Well here's a shock, from Axios:
There was an effort yesterday to get House GOP conservatives — the House Freedom Caucus and Republican Study Committee — to meet with GOP moderates — the Tuesday Group — to talk about a path forward after last week's failed health care effort.
It ended up deteriorating into blame-shifting and recriminations.
The Tuesday Group met yesterday, and a Tuesday Group source said there were "fireworks at the meeting," with members resentful at being told to sit down with the Freedom Caucus.
Oh my, there seems to be chronic unpleasantness taking place in the majority party's sandbox. Classic is this quote from a "White House source":
Welcome to my life the last two weeks. This was never about policy. This was about people wanting to oppose each other and it's such a divided conference at the moment it's hard to get things done. We were the ones caught in the crossfire.

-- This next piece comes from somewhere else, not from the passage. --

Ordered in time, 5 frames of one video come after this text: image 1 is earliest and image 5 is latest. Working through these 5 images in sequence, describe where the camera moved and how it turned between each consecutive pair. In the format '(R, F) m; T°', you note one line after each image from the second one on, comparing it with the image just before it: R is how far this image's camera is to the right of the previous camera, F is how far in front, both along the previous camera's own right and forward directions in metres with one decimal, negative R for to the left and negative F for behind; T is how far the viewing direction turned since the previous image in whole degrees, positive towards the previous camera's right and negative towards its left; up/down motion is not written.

That, of course, is unmitigated malarkey. The WH and its antecedent campaign have been in the front lines of blasting away at responsible, coherent governance. In a Politico op-ed, none other than the National Review's Rich Lowry grasps this fundamental point. "Trumpism is in crisis," he writes. "No officeholder in Washington seems to understand President Donald Trump’s populism or have a cogent theory of how to effect it in practice, including the president himself."
As is his wont, Lowry, from there, gets most everything else wrong, such as this beaut of miscomprehension: "Just because Trump and the conservative caucus are both 'anti-establishment' doesn’t mean they have anything else in common. Trump is more naturally an ally of the moderate Tuesday Group, except with a flame-throwing Twitter feed."

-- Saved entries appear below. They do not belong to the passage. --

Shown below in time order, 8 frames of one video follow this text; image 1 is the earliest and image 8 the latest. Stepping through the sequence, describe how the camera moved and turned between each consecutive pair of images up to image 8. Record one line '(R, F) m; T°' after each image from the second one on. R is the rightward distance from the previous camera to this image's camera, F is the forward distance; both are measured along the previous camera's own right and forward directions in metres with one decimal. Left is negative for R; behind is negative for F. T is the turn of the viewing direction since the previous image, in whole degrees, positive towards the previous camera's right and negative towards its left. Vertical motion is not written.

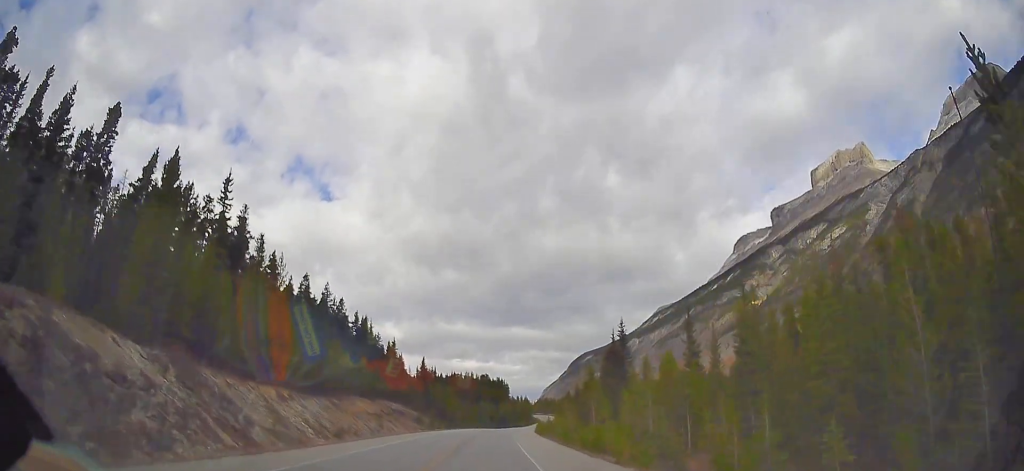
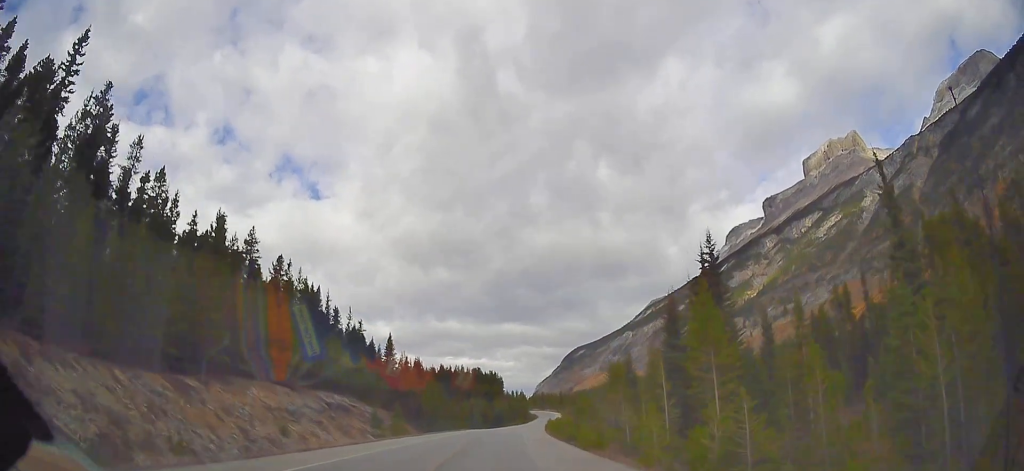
(+0.4, +31.3) m; +1°
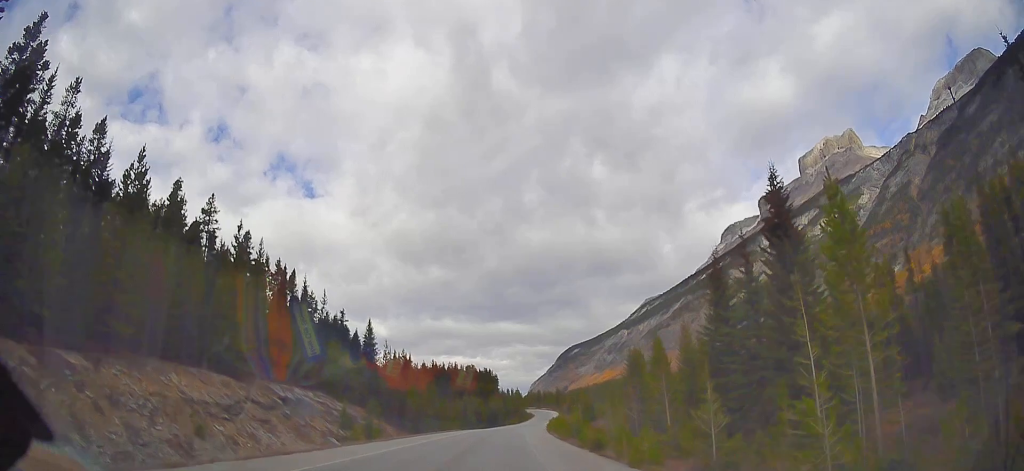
(0.0, +11.0) m; +1°
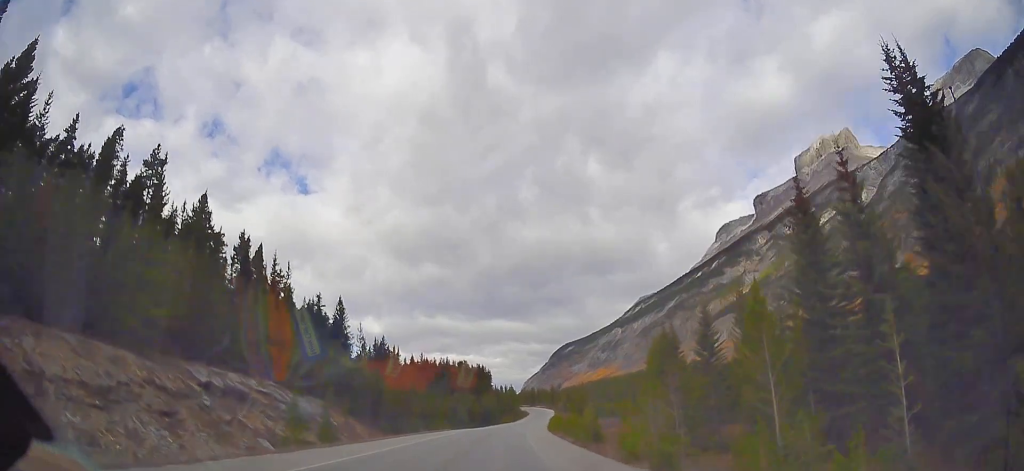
(0.0, +12.7) m; +1°
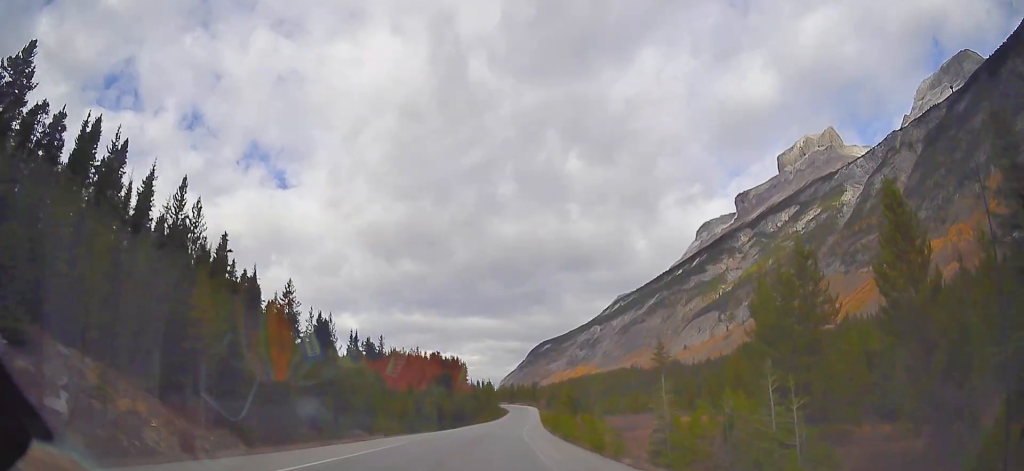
(+0.6, +31.8) m; +1°
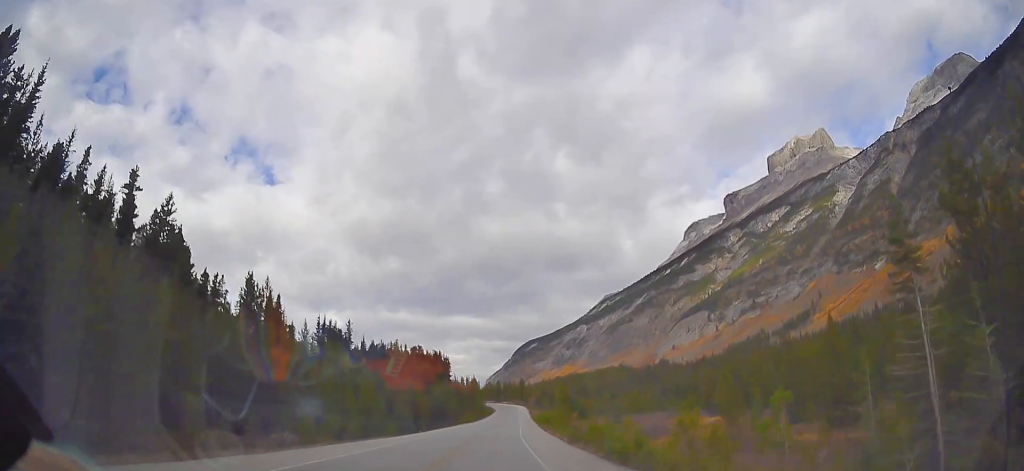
(-0.1, +19.1) m; +1°
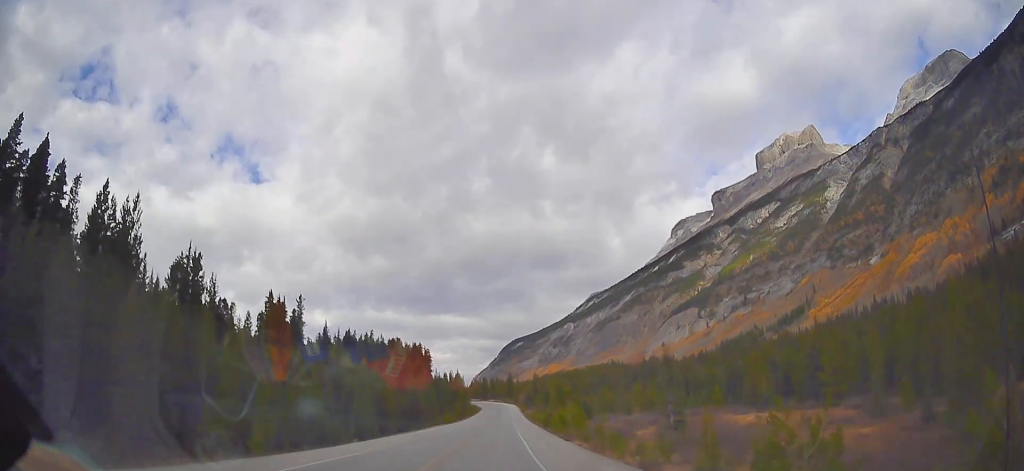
(+0.6, +25.3) m; +2°
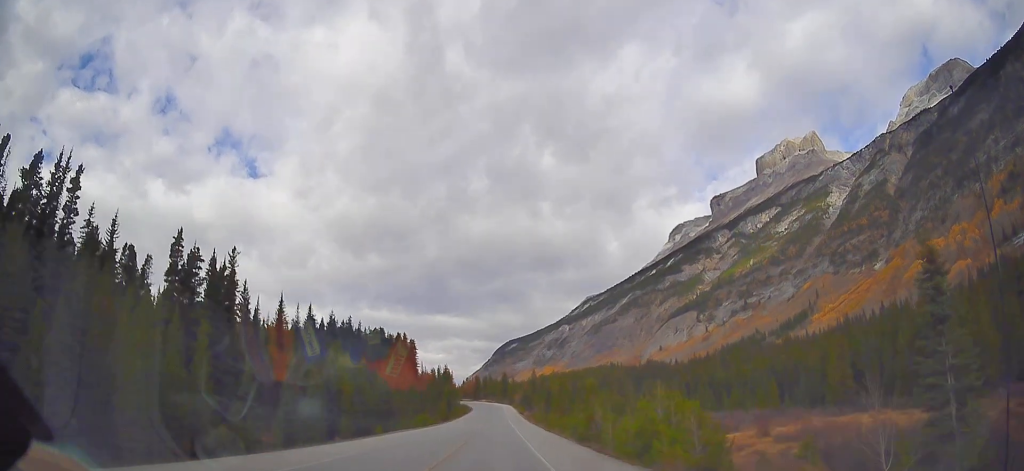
(+0.2, +26.5) m; +1°

Trump is a natural ally of no one but himself. In my preceding post I quoted Princeton historian David Bell, who really rang the truth of the president's political solipsism: "Trump himself is … nearly always guided by a single principle: his own self-interest." That makes him a friend of nobody and the enemy of all.
And with that kind of executive "leadership," his party will persist in its unpleasant unruliness.